Thomas Dalton thomas.dalton at gmail.com
Tue Sep 16 10:13:40 UTC 2008


2008/9/16 Anthony <wikimail at inbox.org>:
> On Mon, Sep 15, 2008 at 4:33 PM, Thomas Dalton <thomas.dalton at gmail.com>wrote:
>
>> 2008/9/15 mboverload <mboverloadlister at gmail.com>:
>> > Maybe legally, but it would be much better if they actually told us
>> > what they are doing.
>>
>> Maybe, but not in the privacy policy.
>>
>
> Why not?  What's the point of having a privacy policy if you're going to
> make it a long-winded version of "we can do anything we want to do"?

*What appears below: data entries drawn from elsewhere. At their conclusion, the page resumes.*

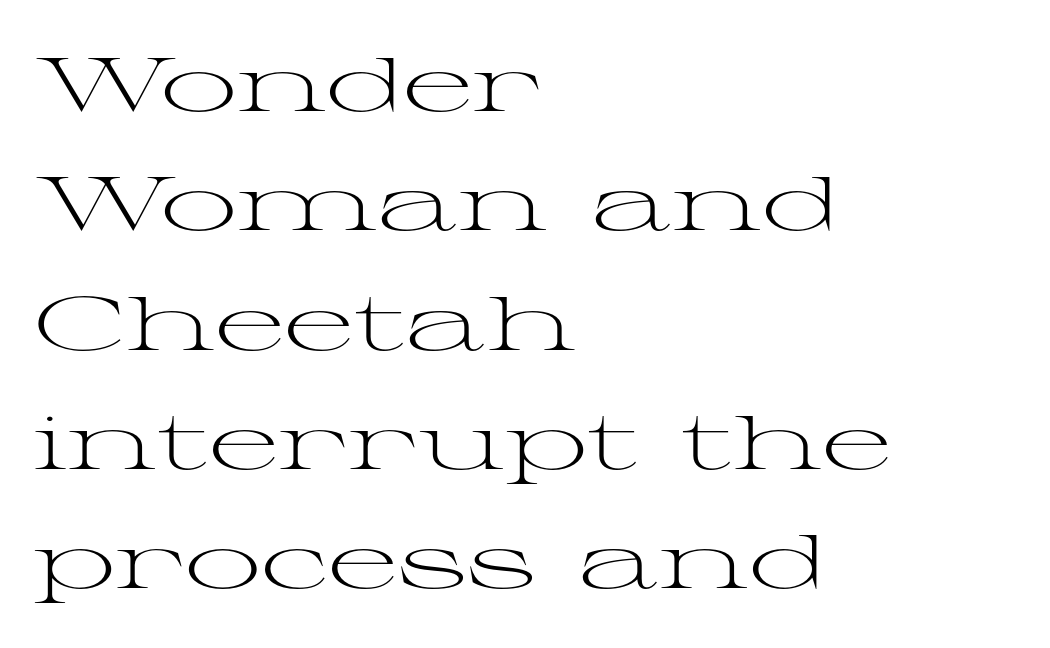
Q: Is the text bold? A: No.
Q: Is the text italic (slanted)? A: No, it is upright.
Q: Is the typeface a serif or a sans-serif typeface? A: Serif.
Q: Is the text underlined? A: No.
Q: How is the paragraph aligned? A: Left-aligned.
Q: Is the spacing between letters normal or unusually wide? A: Normal.
Q: Is the spacing between lines tight, normal or loose? A: Normal.
Q: Width (condensed, normal, or wide)? A: Wide.
Q: Stroke contrast? A: Medium.
Q: x-height? A: Medium.
Q: Monospaced? A: No.
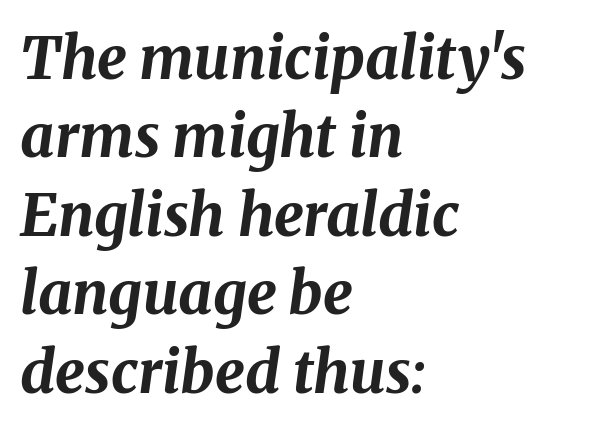
Q: Is the text bold? A: Yes.
Q: Is the text italic (slanted)? A: Yes, it leans right by about 8 degrees.
Q: Is the text underlined? A: No.
Q: How is the paragraph aligned? A: Left-aligned.
Q: Is the spacing between letters normal or unusually wide? A: Normal.
Q: Is the spacing between lines tight, normal or loose? A: Normal.
Q: Width (condensed, normal, or wide)? A: Normal.
Q: Stroke contrast? A: Medium.
Q: x-height? A: Medium.
Q: Monospaced? A: No.
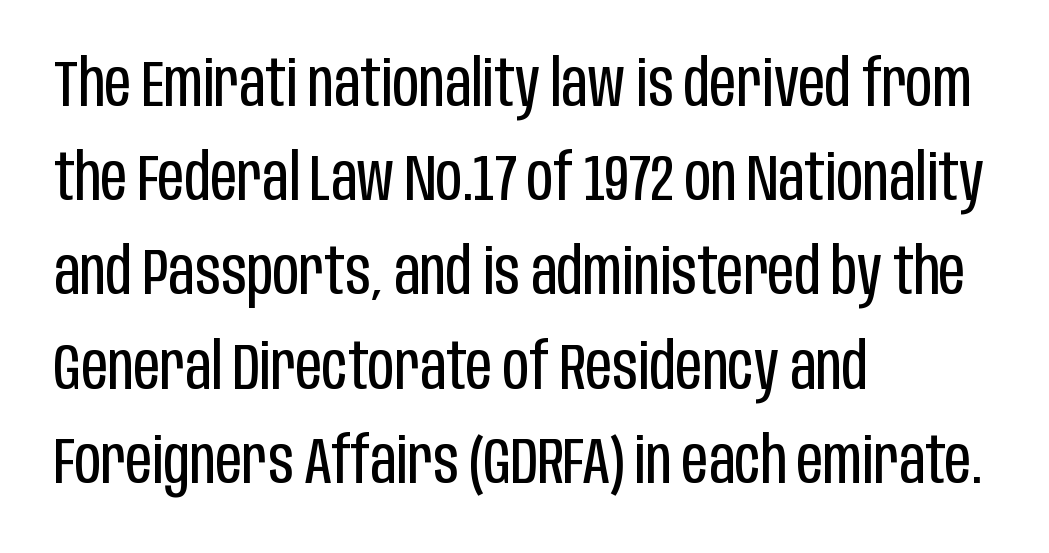
The image shows 65 px regular-weight, condensed sans-serif type, upright; set left-aligned, normal line spacing (1.45x), normal letter spacing, not underlined; low stroke contrast and a large x-height.
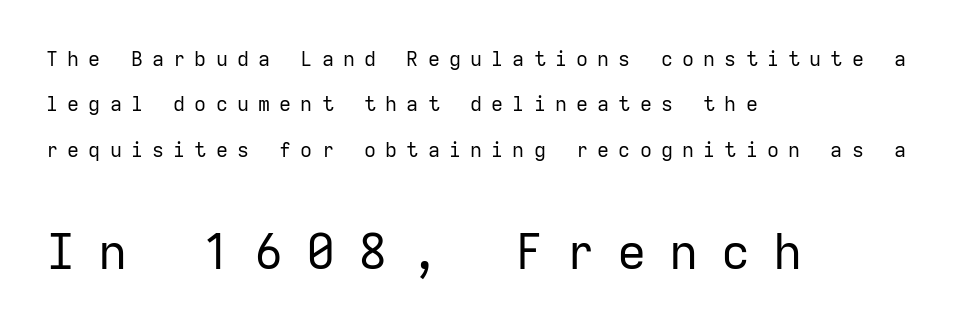
Q: Is the text bold? A: No.
Q: Is the text italic (slanted)? A: No, it is upright.
Q: Is the typeface a serif or a sans-serif typeface? A: Sans-serif.
Q: Is the text underlined? A: No.
Q: How is the paragraph aligned? A: Left-aligned.
Q: Is the spacing between letters normal or unusually wide? A: Unusually wide.
Q: Is the spacing between lines tight, normal or loose? A: Loose.
Q: Which block of text is set in a larger size, the first (top) or the second (bottom)? A: The second (bottom) one.
Q: Width (condensed, normal, or wide)? A: Normal.
Q: Stroke contrast? A: Low.
Q: x-height? A: Medium.
Q: Monospaced? A: Yes.
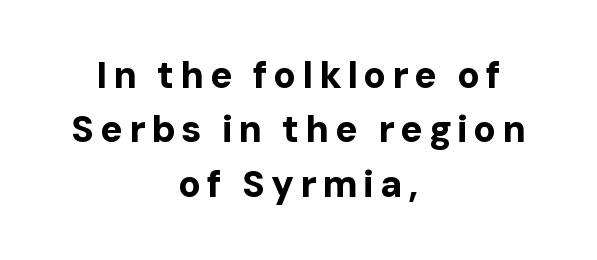
Characters remain perfectly vertical along every line. Horizontal bands of white between lines are of average thickness. Note: no serifs on the glyphs. These lines stack symmetrically, like a column narrowing and widening about its center. The area under the type is left untouched.

It doesn't say that at all. The privacy policy is designed to be the
absolute minimum that the foundation commits to doing. In most cases,
the foundation actually goes a little further than that. There is no
harm in publishing that actual practice, but the foundation shouldn't
be committing to continuing that practice - it chose what to commit to
very carefully when writing the policy and with good reason,
restricting itself further would make things harder without
significant gain.

Let me give an example with made up numbers. If the policy says "We
will not keep logs longer than 2 months", however actual practice is
to only keep them one month, then that's fine, we're following policy.
If someone then makes a mistake forgets to delete the logs before they
go home on Friday night and deletes them when they get back in on
Monday when they're a month and a day old, there is no problem,
because we're still within policy. If we'd changed policy to describe
what usually happened, we'd now have violated the policy. It's always
good to make actual practice a little stricter than policy in order to
absorb mistakes - that doesn't work if you then change the policy to
describe the practice.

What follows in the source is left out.